First, the basic and
common methods:
-
Increase
weight or resistance
-
Perform
more repetitions
-
Perform
more sets
-
Move
the resistance slower
-
Rest
less between sets and exercises
Now for the more
advanced methods:
-
Pre-exhaust
(perform an isolation exercise first and immediately continue with
no rest on a compound movement. ex. chest flye and then chest press)
-
Static
holds (hold the resistance in the hardest position of the range of
motion. ex. the top position during a leg extension)
-
Partial
reps in weak range (perform a portion of the rep where you are
weakest. ex. the top half of a rep of leg extensions)
-
Strip-set
(after a warm-up set, perform 3 sets back to back with no rest while
starting with the heaviest weight possible and each time strip off
some weight to allow you to continue)
-
1
½ reps (perform one full rep and then on the second rep only
perform half the normal range of motion and then return to starting
position to begin the next rep. ex. one full rep of lat pulldowns,
pull second rep all the way down, resist weight back up but only
half way and then pull back down)
These are just a few
examples of methods of increasing intensity to ensure progress. The key
point to remember is that whatever you do it must be progressive in
order for it to elicit a physical change.

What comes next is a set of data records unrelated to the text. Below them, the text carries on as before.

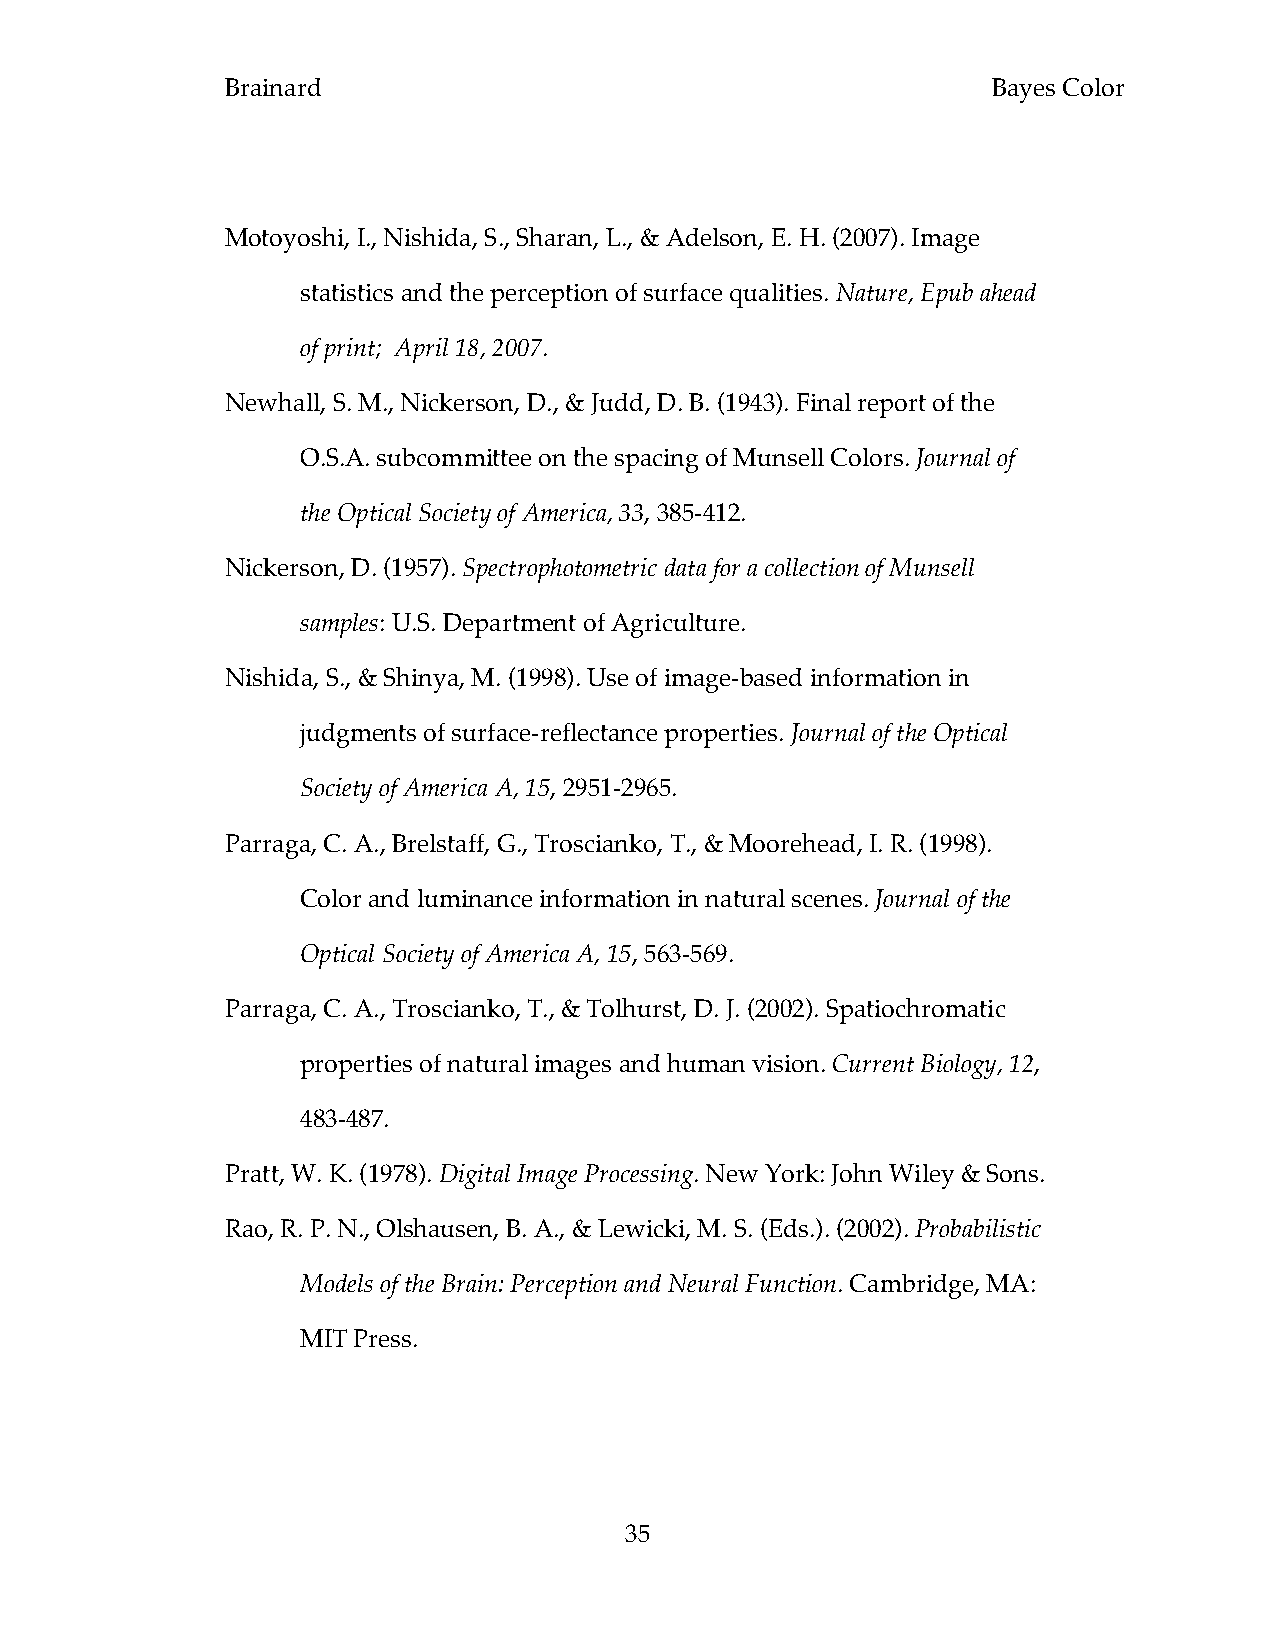
Brainard                                           Bayes Color
 Motoyoshi, I., Nishida, S., Sharan, L., & Adelson, E. H. (2007). Image
 statistics and the perception of surface qualities. Nature, Epub ahead
 of print; April 18, 2007.
 Newhall, S. M., Nickerson, D., & Judd, D. B. (1943). Final report of the
 O.S.A. subcommittee on the spacing of Munsell Colors. Journal of
 the Optical Society of America, 33, 385-412.
 Nickerson, D. (1957). Spectrophotometric data for a collection of Munsell
 samples: U.S. Department of Agriculture.
 Nishida, S., & Shinya, M. (1998). Use of image-based information in
 judgments of surface-reflectance properties. Journal of the Optical
 Society of America A, 15, 2951-2965.
 Parraga, C. A., Brelstaff, G., Troscianko, T., & Moorehead, I. R. (1998).
 Color and luminance information in natural scenes. Journal of the
 Optical Society of America A, 15, 563-569.
 Parraga, C. A., Troscianko, T., & Tolhurst, D. J. (2002). Spatiochromatic
 properties of natural images and human vision. Current Biology, 12,
 483-487.
 Pratt, W. K. (1978). Digital Image Processing. New York: John Wiley & Sons.
 Rao, R. P. N., Olshausen, B. A., & Lewicki, M. S. (Eds.). (2002). Probabilistic
 Models of the Brain: Perception and Neural Function. Cambridge, MA:
 MIT Press.
 35

This is even more critical for
those looking to add muscle size.
Although this article
is geared towards individuals who are interested in gaining muscle size,
the principles can also be used for individuals who want to build
strength, increase metabolism, or tighten and tone muscles.
Here are some general
recommendations for different goals…
If your goal is to
tighten and tone muscles:
·
Focus on increasing reps, decreasing rest, and changing
exercises frequently
·
Train each muscle group twice per week
·
Perform fewer sets of many different exercises (1-2 sets
per exercise)
If your goal is to
increase strength and power:
-
Focus
on increasing weight
-
Train
each muscle group once every 7-10 days
-
Perform
multiple sets of each exercise (2-5 sets per exercise)
If your goal is to
increase muscle size:
-
Focus
on shocking muscles by changing variables frequently (exercises, set
and rep schemes, rest time, etc)
-
Train
each muscle group on a variable schedule (experiment by training a
muscle group 3 times a week and then once every ten days)
-
Perform
multiple sets for a while and the perform single sets for a week or
two
Some final reminders:
The recommendations
above are general and of course would need to be adapted and adjusted
for your personal goals and experience. For those of you who are
advanced and may be thinking there’s no way you can build strength by
training once every 10 days I challenge you to try it for at least 4
weeks, or those of you who think that you need to stick to the same
basic movements like bench to build size I challenge you to try shocking
the muscles by changing the exercises you perform each week for 4 weeks,
and those of you with little experience I hope that you’ll throw away
the fitness magazines and learn what really works.